## Q-Learning simple example
Guide from [valohai](https://valohai.com/blog/reinforcement-learning-tutorial-part-1-q-learning/)

In [1]:
import numpy as np
import matplotlib.pyplot as plt
from hanoi import Hanoi, Action
np.random.seed(42)

In [2]:
def get_table_value (table, action, state):
  return table[action][state] if state in table[action] else 0

def choose_action(d, table):
  actions = d.get_actions()
  values = list(map(lambda a: get_table_value(table, a, d.state), actions))

  if values.count(values[0])==len(values):
    return Action(np.random.choice(actions))
  else:
    idx_max = max(range(len(values)), key=values.__getitem__)
    return actions[idx_max]

In [3]:
def create_table(nb_actions):
  table = []
  for _ in range(nb_actions):
    table.append({})
  return table

In [4]:
def greedy_fit(nb_iterations=2000):
  d = create_env()
  greedy_table = create_table(env.nb_actions)
  for _ in range(nb_iterations):
    action = choose_action(d, greedy_table)
    old_state = d.state
    d.set_state(d.get_new_state(action))
    reward = d.get_reward()
    greedy_table[action][old_state] = get_table_value(greedy_table, action, old_state) + reward

    if d.is_final_state():
      d = create_env()
  return greedy_table

In [5]:
def choose_q_action(d, q_table, gambling_rate):
  if np.random.random() <= gambling_rate:
    return Action(np.random.choice(d.get_actions()))
  else:
    return choose_action(d, q_table)

def update_q_table(eta, discount, q_table, old_state, d_new, action):
  reward = d_new.get_reward()
  actual_value = get_table_value(q_table, action, old_state)

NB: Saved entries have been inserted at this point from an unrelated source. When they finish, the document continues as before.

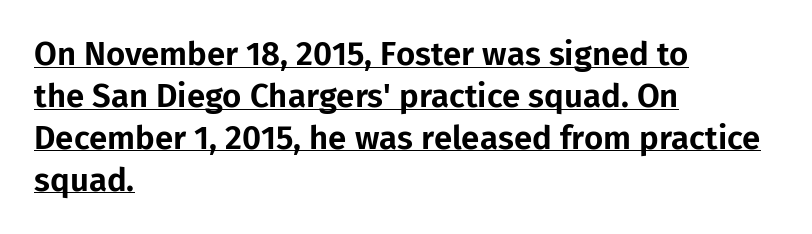
Every stem runs plumb, perpendicular to the baseline. Default kerning and tracking; the words read as compact shapes. Leading matches the norm, producing a regular column. Character widths vary here, with narrow letters taking less room than wide ones. Are there feet on the stems? There aren't — it's a sans.
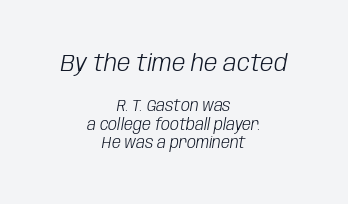
The image shows 24 px text type, italic (leaning right); set centered, line spacing 1.16x, normal letter spacing, not underlined; the first (top) block is 1.5x larger.
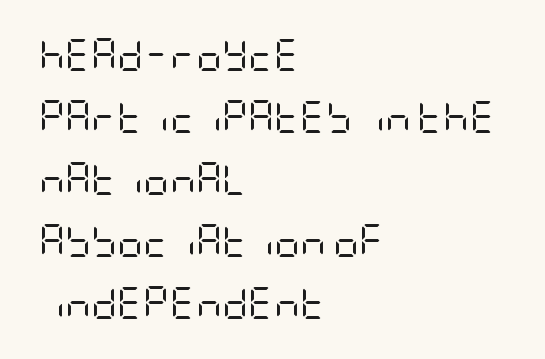
{"serif": "no", "italic": "no", "bold": "no", "weight": "regular", "width": "condensed", "stroke_contrast": "low", "x_height": "large", "underline": "no", "align": "left", "line_spacing": "loose", "line_spacing_ratio": 1.94, "letter_spacing": "normal", "letter_spacing_em": 0.0, "glyph_px": 32}
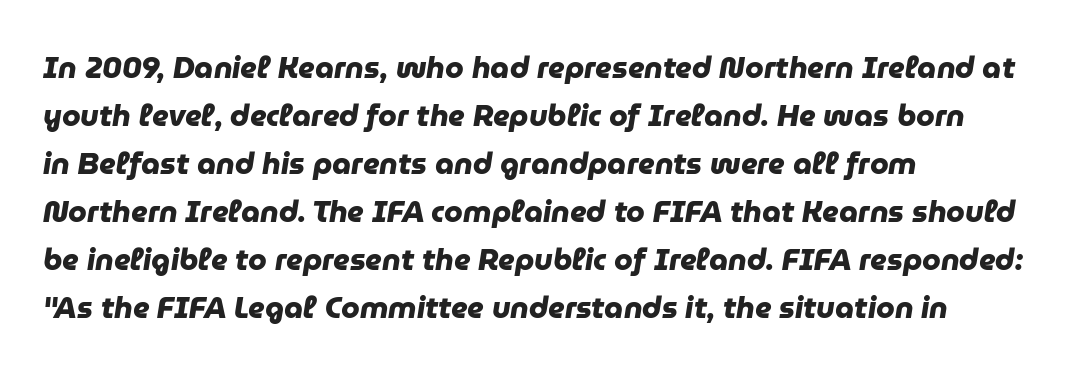
The image shows 30 px heavy sans-serif type; set left-aligned, normal line spacing (1.6x), normal letter spacing, not underlined; low stroke contrast and a medium x-height.
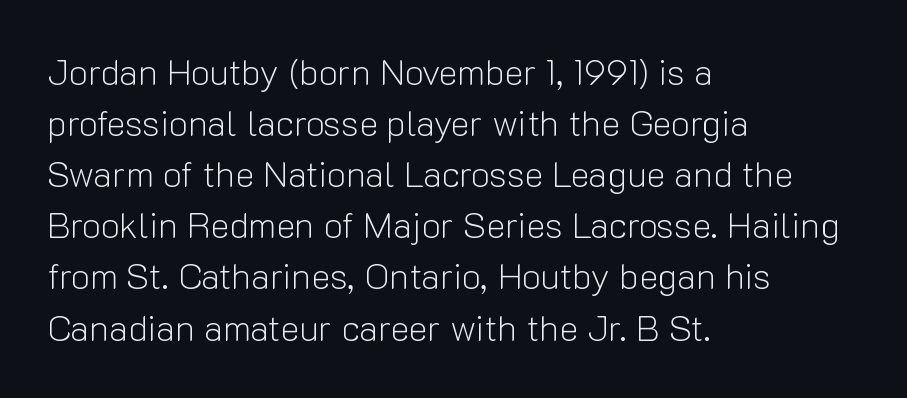
The image shows 36 px light sans-serif type, upright; set left-aligned, normal line spacing (1.42x), normal letter spacing, not underlined; low stroke contrast and a medium x-height.

  max_list = list(map(lambda a: get_table_value(q_table, a, d_new.state), d_new.get_actions()))
  max_value = max(max_list)
  
  return actual_value + eta * (reward + discount * max_value - actual_value)


In [6]:
def Q_fit(nb_iterations=4000):
  d = create_env()
  eta = 0.1
  discount = 0.95
  gambling_rate = 1

  q_table = create_table(env.nb_actions)
  for _ in range(nb_iterations):
    action = choose_q_action(d, q_table, gambling_rate)
    gambling_rate -= 1/nb_iterations
    old_state = d.state
    d.set_state(d.get_new_state(action))
    q_table[action][old_state] = update_q_table(eta, discount, q_table, old_state, d, action)

    if d.is_final_state():
      d = create_env()
  return q_table

In [7]:
def play(policy):
  d = create_env()
  nb_moves = 0
  while d.state != d.final_state and nb_moves < 100:
    action = choose_action(d, policy)
    d.set_state(d.get_new_state(action))
    nb_moves += 1
  return nb_moves

def plot_Q_evolution(it_list):
  plt.figure(dpi=150)
  nb_optimal_moves = 2**N-1
  nb_moves = []
  for it in it_list:
    tmp = []
    for _ in range(5):
      policy = Q_fit(it)
      tmp.append(play(policy))
    nb_moves.append(np.mean(tmp))
  
  plt.plot(it_list, nb_moves, ".-", color='r', label="Number of moves found by the agent")
  plt.axhline(nb_optimal_moves, color="orange", label=f"Optimal number of moves = {nb_optimal_moves}")
  plt.title(f"Solving Towers of Hanoï with {N} disks using Q-Learning")
  plt.legend(bbox_to_anchor=(0.5, -0.2), loc="center")



In [8]:
env = Hanoi
N = 5
def create_env():
  return env(N)

In [19]:
policy = Q_fit(250000)
play(policy)

31

In [10]:
#greedy_fit()

In [20]:
plot_Q_evolution(np.arange(150000, 250000, 15000))